The typesetter at the Hokitika Guardian was determined to use all the fancy fonts and squiggly rules in the type cases.

Rather than transcribe each page by hand, I used Optical Character Recognition (OCR) software to generate a rough draft. There are plenty of free services that will perform OCR on an uploaded image, and the best ones seem to use the software Tesseract. First I tried uploading single pages to PDF24 Tools: a page took 1 minute to OCR, and 7 minutes to manually clean up ready for upload (cleanup is just sorting line ends and column breaks; the proofreading still has to happen ). I also tried the Mac and Windows software PDF OCR X; the community edition can only convert one page at a time, but was reasonably speedy and understood two-column pages. OCRing and uploading the 23 pages of text took half an hour. Wonky columns cause big problems for OCR software, so I was glad I spent some time cleaning up the scans first.

As a new transcription the book briefly featured on Wikisource’s home page, just below the intriguing-sounding Dream of a Rarebit Fiend.

Once digitised, proofread, and verified, the book can be downloaded from Wikisource as an EPUB (all e-readers except the Kindle), PDF, or MOBI (for Kindles).

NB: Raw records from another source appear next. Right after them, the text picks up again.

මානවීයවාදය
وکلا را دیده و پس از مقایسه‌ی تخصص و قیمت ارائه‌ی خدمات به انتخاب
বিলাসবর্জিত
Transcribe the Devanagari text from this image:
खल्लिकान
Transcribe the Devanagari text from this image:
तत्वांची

Proofreading took about 10 minutes per page, and an experienced Wikisource editor User:Beeswaxcandle validated each one and handled the formatting of headings, page numbers, and even the fancy page rules. Page formatting is not too complicated, and it’s all documented in the Wikisource Help pages, but I’m now preparing a handout for new proofreaders with a list of tips and the common templates you’d use to validate pages. Someone brand new to Wikisource could start proofreading text right away, and leave the more technical stuff to someone else.

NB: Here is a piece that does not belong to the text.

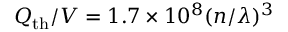
Q _ { \mathrm { t h } } / V = 1 . 7 \times 1 0 ^ { 8 } ( n / \lambda ) ^ { 3 }
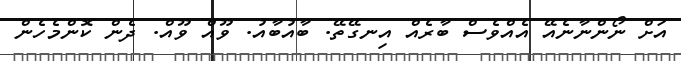
އަށް ނޯންނާނެއޭ އެއްވެސް ބާރެއް އިނގޭތޭ. ބާއުބާއު. ވޫއް ވޫއް. ދެން ކޮންމެހެން

Having the book online as text – not just page images – opens up lots of possibilities. The book can be indexed by Google and the contents more easily discovered (it’s now deposited in the Internet Archive and the Open Library, for example). It can be downloaded as a PDF and read on a tablet, or uploaded to Overdrive to be borrowed from the Westland District Library as an EPUB file – which means it’s now accessible to the sight impaired, who use a screenreader or need to increase font size.

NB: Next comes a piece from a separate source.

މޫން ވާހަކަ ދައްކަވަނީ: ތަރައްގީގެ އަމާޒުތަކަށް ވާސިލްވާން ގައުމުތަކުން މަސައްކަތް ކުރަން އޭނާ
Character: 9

An example of a digitised ebook from Wikisource manually added to the catalogue alongside the physical copies.

The book can be used as a reference in Wikipedia articles and cited in Wikidata; in a future blog post I’ll demonstrate using this book to support a “Streets of Hokitika” Wikidata project.

Digitising Hokitika, N.Z. (1921) has been a proof of concept, and shows there is scope for proofreading and validating longer texts. Short books we can prepare by hand, but longer ones we’ll want to use better scanning technology for. Notably, some West-Coast-related books have already been digitised and OCR’d by the Internet Archive or the Biodiversity Heritage Library, like George Marriner’s 1908 book The Kea : a New Zealand Problem, and could be imported to Wikisource for proofreading right now.

The next step will be to build up a community of Wikisource volunteers, who could be anywhere in the world but ideally here on the West Coast. We now have regular Wikipedia meetups in Hokitika and Greymouth and can suggest proofreading projects to the attendees. In February Wikisource veteran Andrew Wooding is giving a presentation to local GLAM people, and we’ll have a Wikisource workshop at the West Coast WikiCon in Hokitika in March. I’m hoping people interested in genealogy and local heritage or working in museums, libraries, and archives will see the potential for making out of copyright books much more available.


Many thanks to Sara Thomas from the National Library of Scotland and Andrew Wooding (User:Beeswaxcandle) for all their help with this project.